Friday, August 7, 2015

Equity In Education - The Game Changer

In my last post, I posited that educational equity is the first step toward authentic access and opportunity. Educational equity requires taking the necessary steps to ensure that each learner can and will be successful. Without equity, we will continue down this road of failed programs, failed practices, and failed promises for a significant percent of our learners.
My convictions about educational equity are driven by moral and ethical principles and yes, fairness - the belief that fairness is predicated on each learner deserving our very best every day irrespective of ethnicity, language, gender, or social-economics.
Defining “fairness” and "best" has evolved from personal experiences over time. For example, high poverty and historically marginalized and under represented learners enrolled and successful in courses and programs like advance placement, honors, talented and gifted, college/university prep to name four areas caused me to ponder “fairness” with respect to expectations, choice, requisite learning, and experience.  
Do all learners have "choice" to participate in these experiences? Are all learners prepared for these experiences?  Are there expectations that each learner should be prepared for access and opportunity to these programs?  What does choice really mean?
Further still, I was forced to rethink “fairness” and "best" given the high percentage of students identified and placed in special education as well as remedial courses – not to mention the number of disciplinary referrals and suspensions that were predominantly our disadvantaged learners and learners of color.
I witnessed well-intentioned educators, parents, and community members encourage, incent, and reward learners for their pledges to do “good” in school and “attend” college. “Going to college” was the oft cited response by learners when asked, “What are you going to do when you graduate from high school?”
Fairness, however, requires more than aspirations, more than pithy statements, or programs. Equity is ensuring that each learner, irrespective of their “zip code”, has the necessary skills, knowledge and experience to have authentic access and opportunity for full participation in the educational experience.
A first step for us was shifting our focus to the requisite learning of essential skills, knowledge and experience - for learners to have authentic choices about their learning, they had to have a solid foundation. Though this may seem obvious, we had to ask ourselves if it was “fair” for students not to demonstrate proficiency let alone mastery of literacy and numeracy before moving forward? The resounding response was “of course not”. The problem, our problem was not in the “will” but in the “how” to do this.

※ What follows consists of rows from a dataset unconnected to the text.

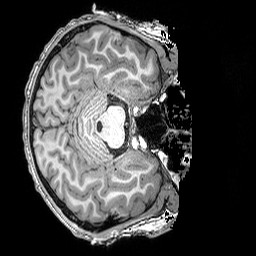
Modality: T1w
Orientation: axial
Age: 19
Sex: male
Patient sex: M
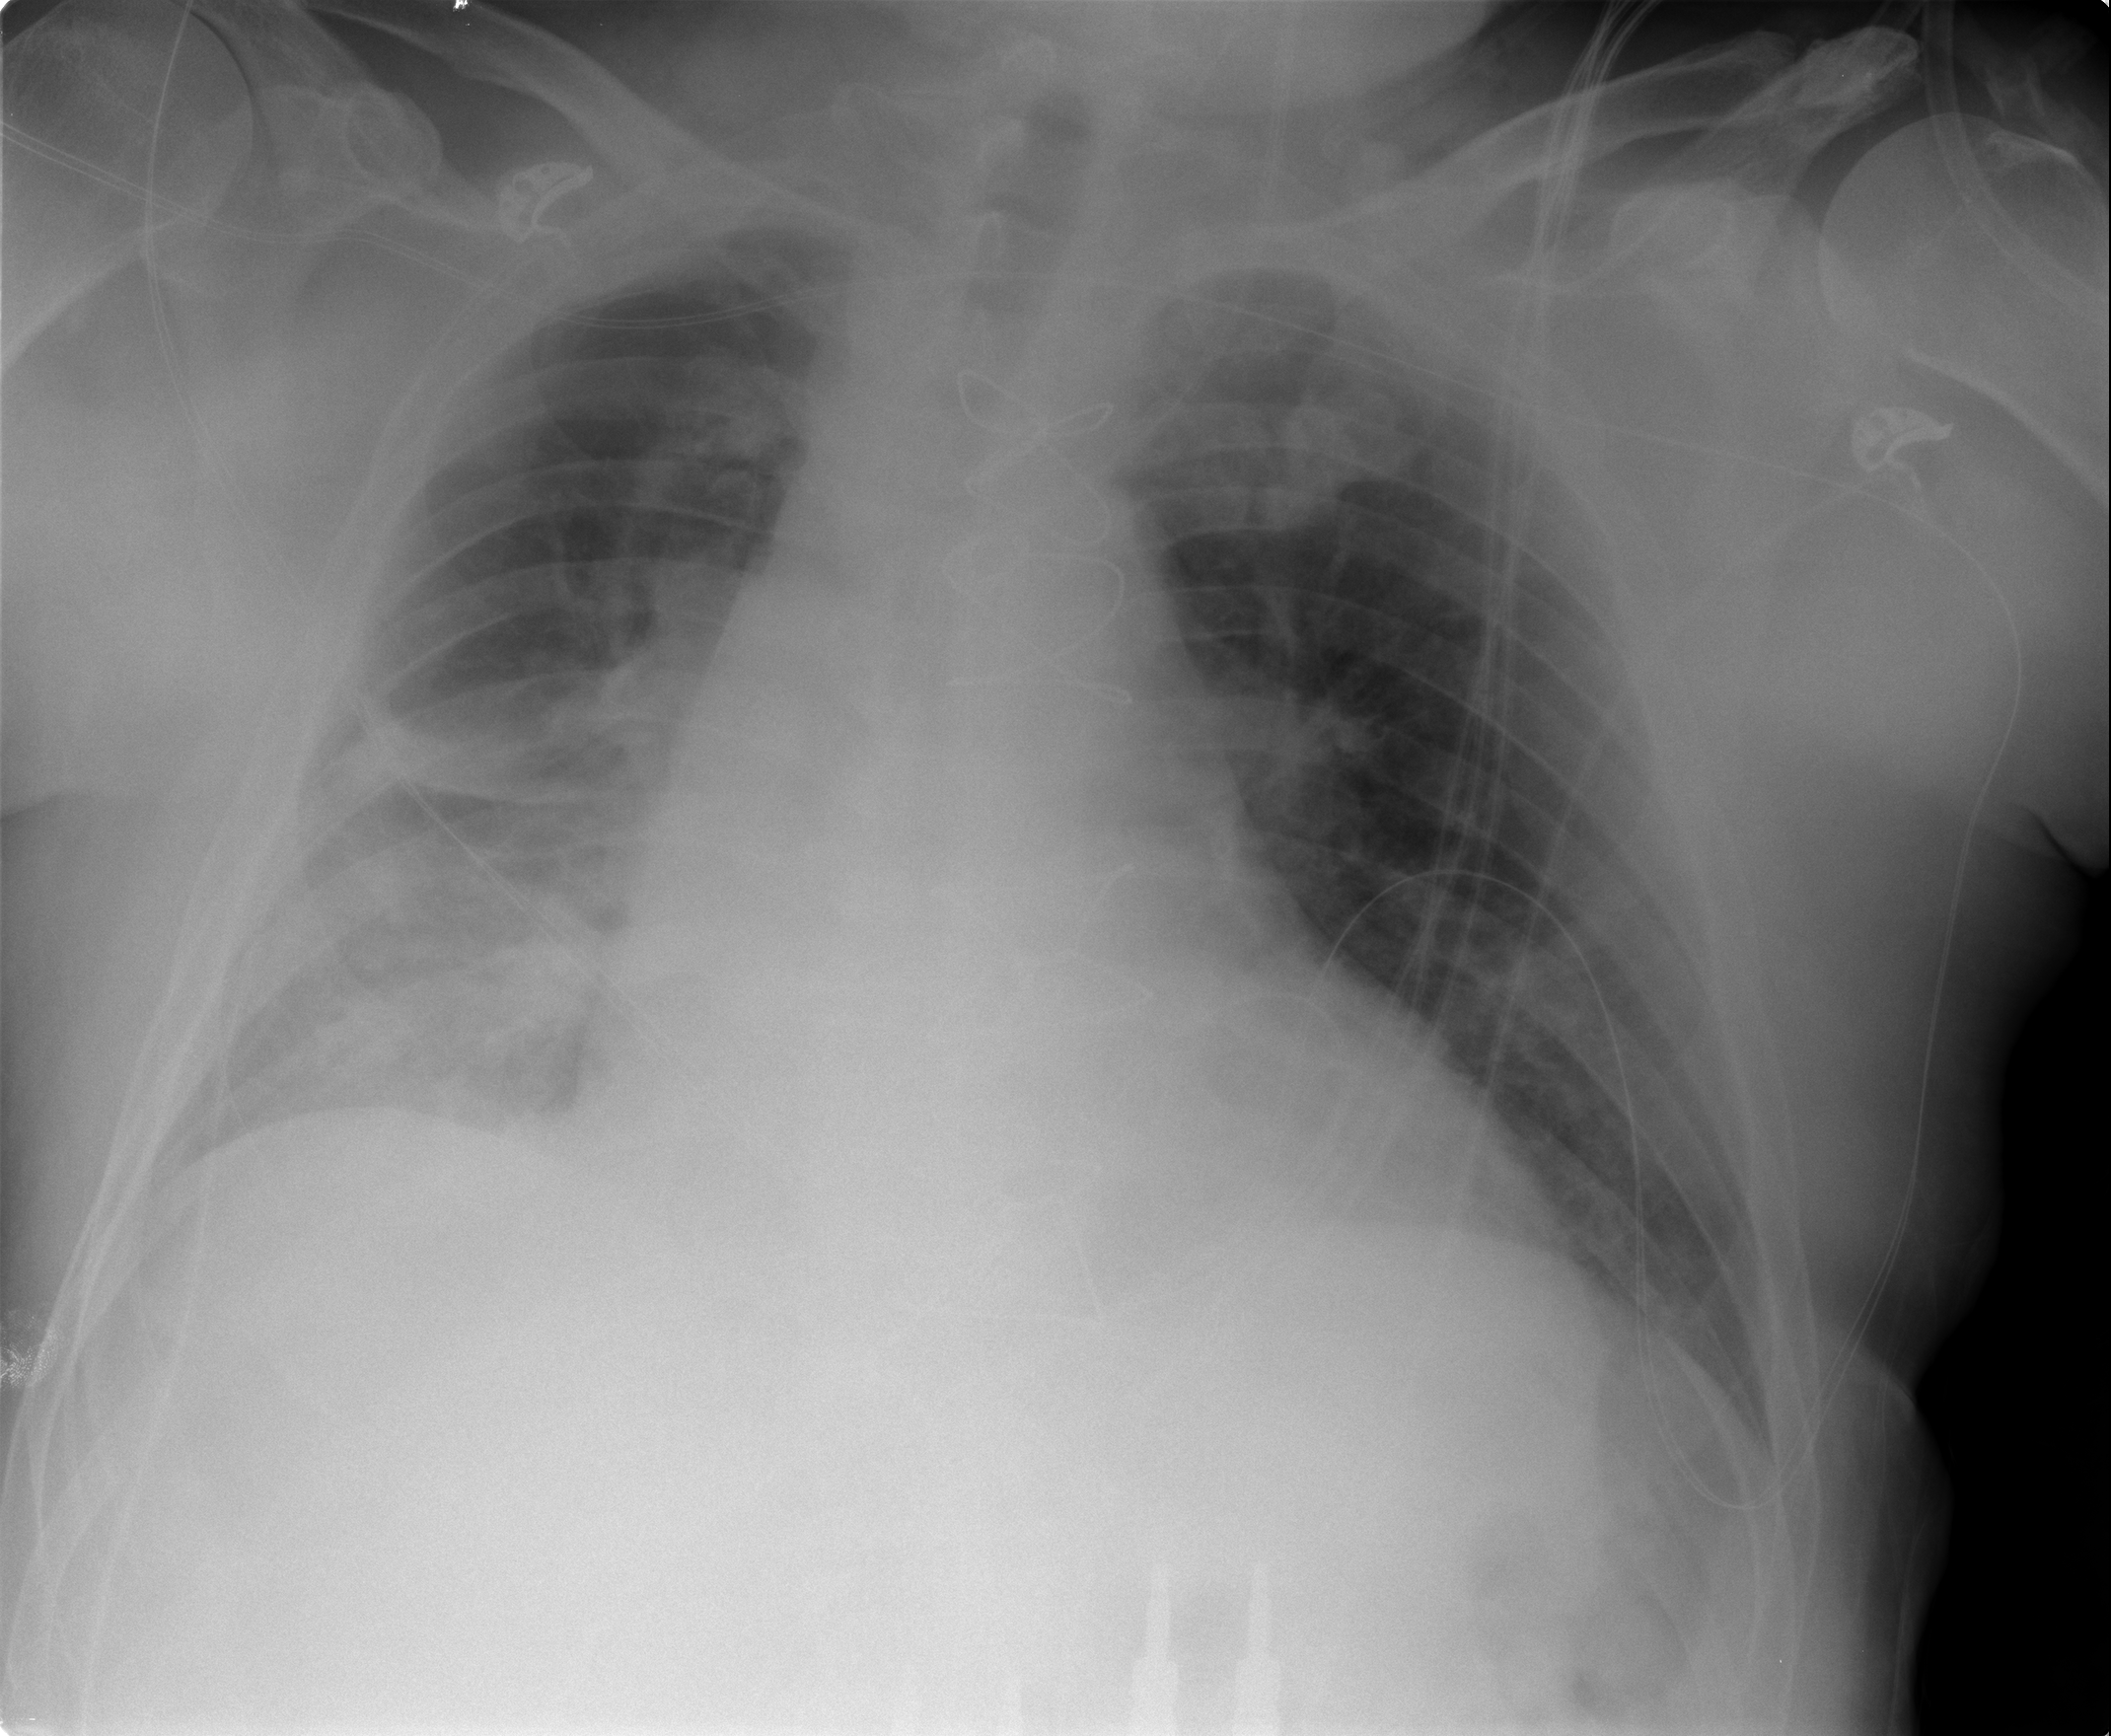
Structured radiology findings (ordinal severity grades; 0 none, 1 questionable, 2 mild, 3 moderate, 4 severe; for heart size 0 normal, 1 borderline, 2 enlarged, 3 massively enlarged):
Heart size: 0
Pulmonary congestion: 0
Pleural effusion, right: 0
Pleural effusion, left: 0
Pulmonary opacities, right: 0
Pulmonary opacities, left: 0
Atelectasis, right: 2
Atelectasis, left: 1

With advances in technology, now more than ever we can disrupt failed learning by aggressively monitoring and reporting leading indicators of learning in process as well as the progress of learning. That is, we can “peek” inside the mind of a learner to ascertain how he or she is constructing meaning, formulating ideas, and making learning choices or decisions in real time.
Further, technology-based supplemental programming now makes possible the building, bridging, and reinforcing of skills, knowledge, and experience making “fair” the access and opportunity of, by and for education – for all.

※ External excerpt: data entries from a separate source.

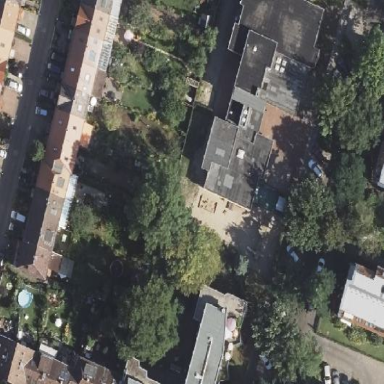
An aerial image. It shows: Kindergarten.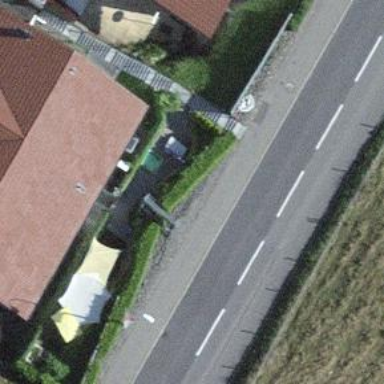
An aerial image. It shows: Hedge acting as barrier.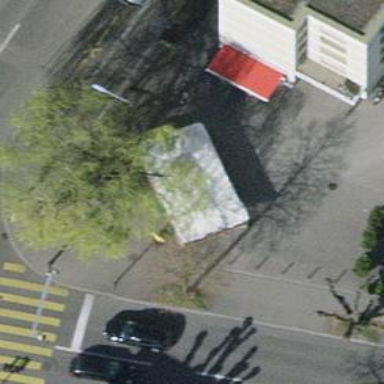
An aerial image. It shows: Marketplace.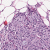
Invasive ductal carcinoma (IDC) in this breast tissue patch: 1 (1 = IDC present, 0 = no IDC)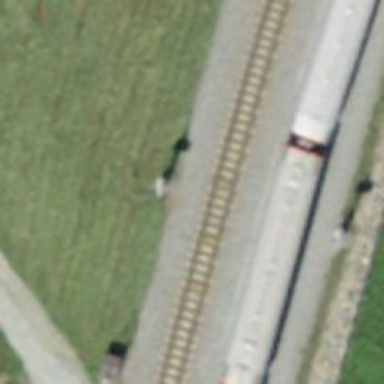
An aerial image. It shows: Railway signal.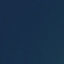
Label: SeaLake
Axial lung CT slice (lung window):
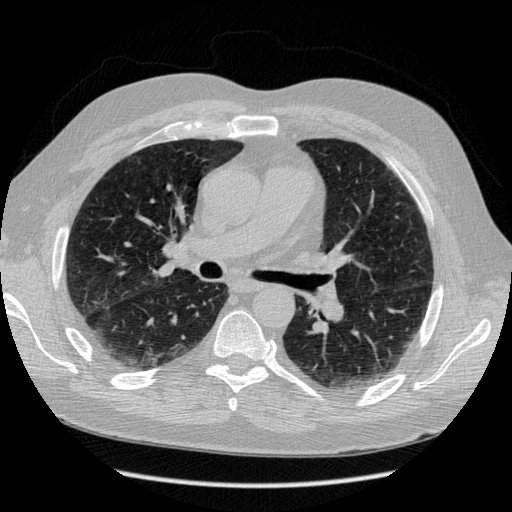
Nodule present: no

It became very clear to me that unless we literally and figuratively “reset” the system by radically shifting from an intervention or treatment model to “prevention” to intervention, there was not going to be substantive improvement.
A majority of our learners could not access the full curriculum. They were denied these opportunities due to the failure to learn attributed to (as we learned) beginning their formal learning experience with certain gaps, or inexperience with the antecedents of literacy and numeracy; and the failure to “catch up” in essential learning once they entered our system. It was not an intelligence or capability issue; rather, they just didn’t have the experiences preparing them for formal learning.
Why then, would we expect all learners to learn and progress in the same way, at the same time, and in same place?
This inexperience resulted in unrealistic expectations for teachers and learners alike – not to mention actual results. This is where educational equity assuages the expectations. Placing the resources, tools, time, and programming to meet the needs of individual learners is paramount. Eradicating “sameness” with respect to the assumptions that all learners learn in the same way and at the same time is central to fairness. Similarly, the notion certain learners lose an advantage or are denied certain resource for the sake of others is absurd.
The mere cost to remediate, “treat” failed learning is consuming resources at an exponential rate adversely impacting all learners. Until such time that we collectively understand and act to prevent failure we will continue to miss-serve, underserve, or dis-serve learners that have the greatest dependency on educators for their success.
Let me say this clearly, the cost of failure is too expensive. We can’t afford it.

Suffice; fairness is intentional – with purpose. Educational equity is good, right, and true for all. If we are to ensure the promises of an education including access and opportunity created by it, then we must rethink “fairness” in light of preventing the failure to learn. In my experience the path to preventing intervention was providing the tools, resources, and permission to meet the needs of each learner – not treat each learner the “same”.